Wadsworth Center, New York State Department of Health, Albany, New York, USA
Wadsworth Center, New York State Department of Health, Albany, New York, USA.
J Clin Microbiol. 2021 Jan 21;59(2). doi: 10.1128/JCM.00967-20.
Legionnaires' disease, a severe lung infection caused by the bacterium , occurs as single cases or in outbreaks that are actively tracked by public health departments. To determine the point source of an outbreak, clinical isolates need to be compared to environmental samples to find matching isolates. One confounding factor is the genome plasticity of , making an exact sequence comparison by whole-genome sequencing (WGS) challenging. Here, we present a WGS analysis pipeline, LegioCluster, that is designed to circumvent this problem by automatically selecting the best matching reference genome prior to mapping and variant calling. This approach reduces the number of false-positive variant calls, maximizes the fraction of all genomes that are being compared, and naturally clusters the isolates according to their reference strain. Isolates that are too distant from any genome in the database are added to the list of candidate references, thereby creating a new cluster. Short insertions or deletions are considered in addition to single-nucleotide polymorphisms for increased discriminatory power. This manuscript describes the use of this automated and "locked down" bioinformatic pipeline deployed at the New York State Department of Health's Wadsworth Center for investigating relatedness between clinical and environmental isolates. A similar pipeline has not been widely available for use to support these critically important public health investigations.

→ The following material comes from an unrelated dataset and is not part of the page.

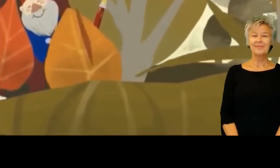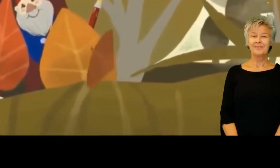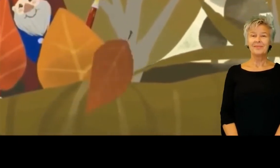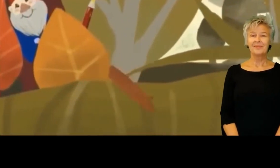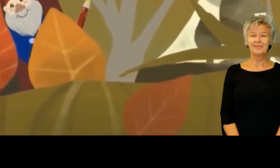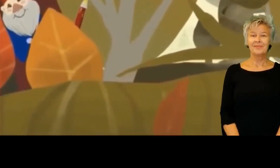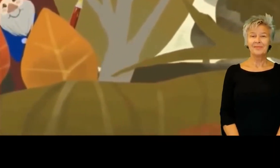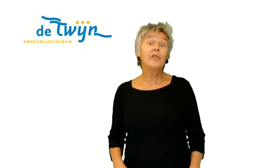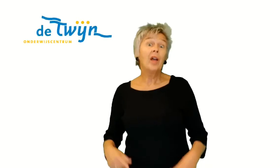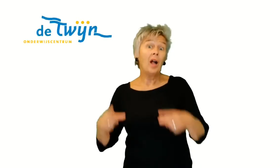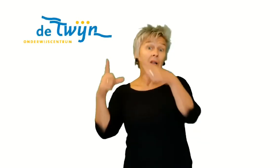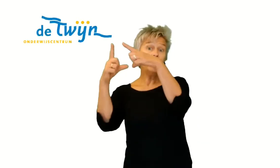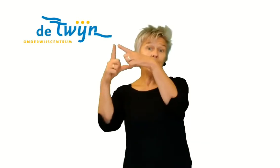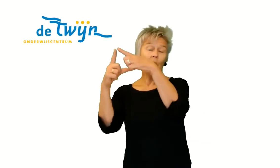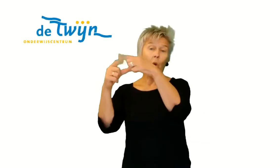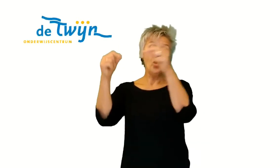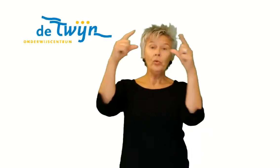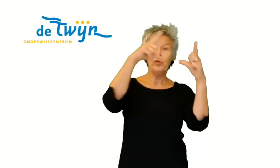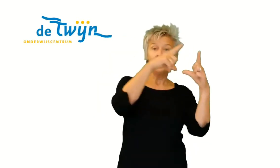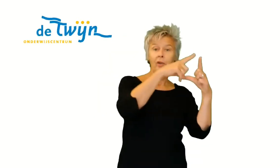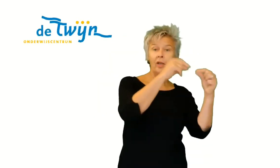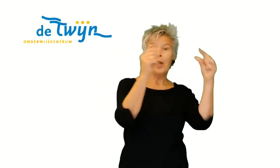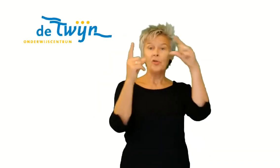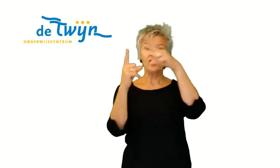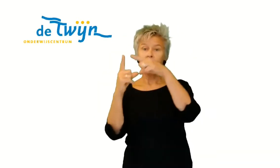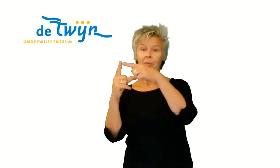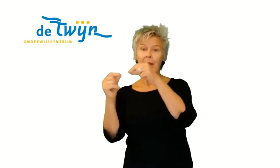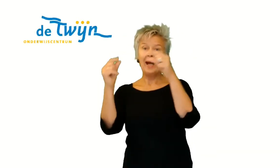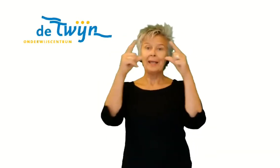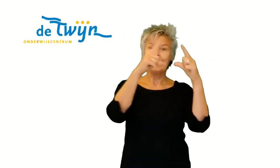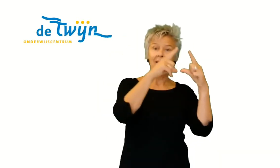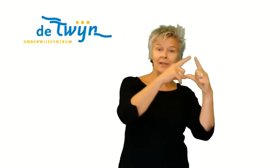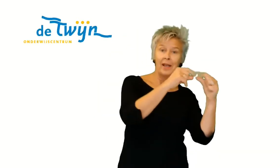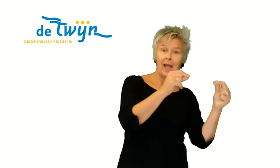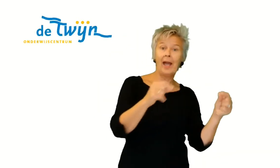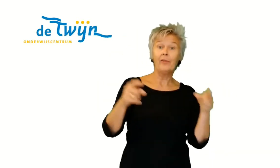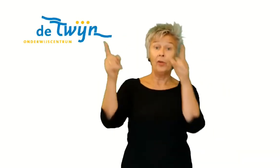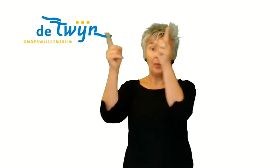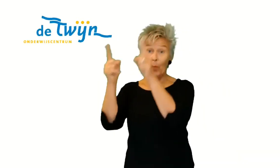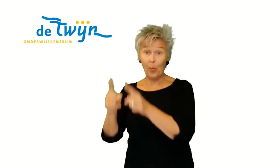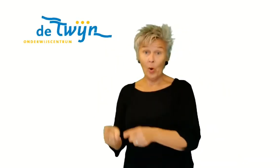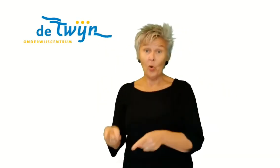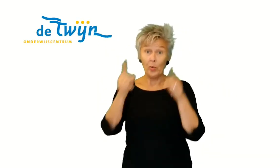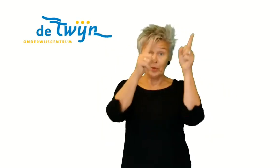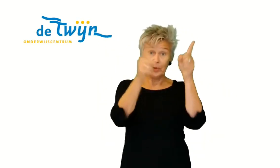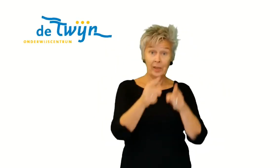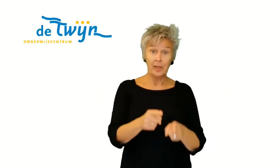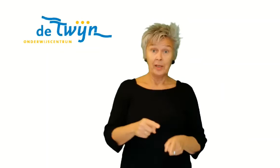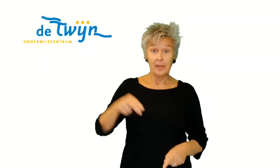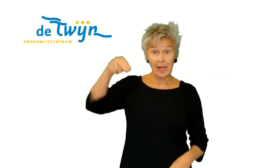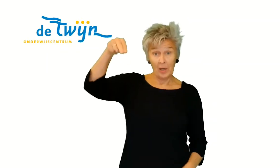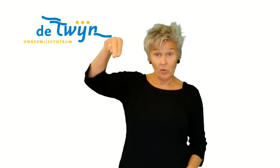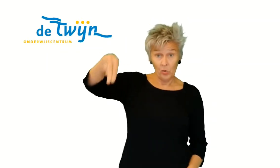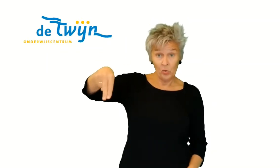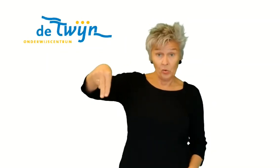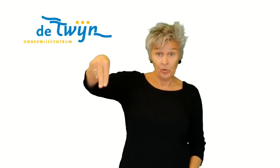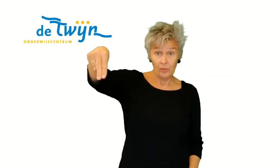Want al die honderdduizend blaadjes aan de bomen zijn nu...

军团病是一种由细菌引起的严重肺部感染,以散发病例或疫情形式出现,公共卫生部门会对其进行积极追踪。为了确定疫情的源头,需要将临床分离株与环境样本进行比较,以找到匹配的分离株。一个复杂的因素是 的基因组可塑性,这使得通过全基因组测序(WGS)进行精确的序列比较具有挑战性。在这里,我们提出了一个 WGS 分析管道 LegioCluster,旨在通过在映射和变异调用之前自动选择最佳匹配的参考基因组来解决这个问题。这种方法减少了假阳性变异调用的数量,最大化了正在比较的所有基因组的比例,并根据参考菌株自然地对分离株进行聚类。与数据库中的任何基因组都相差太远的分离株将被添加到候选参考列表中,从而创建一个新的聚类。除了单核苷酸多态性之外,还考虑了短插入或缺失,以提高区分能力。本文描述了在纽约州卫生部的 Wadsworth 中心使用这种自动化和“锁定”的生物信息学管道来调查临床和环境分离株之间的相关性,该管道尚未广泛用于支持这些至关重要的公共卫生调查。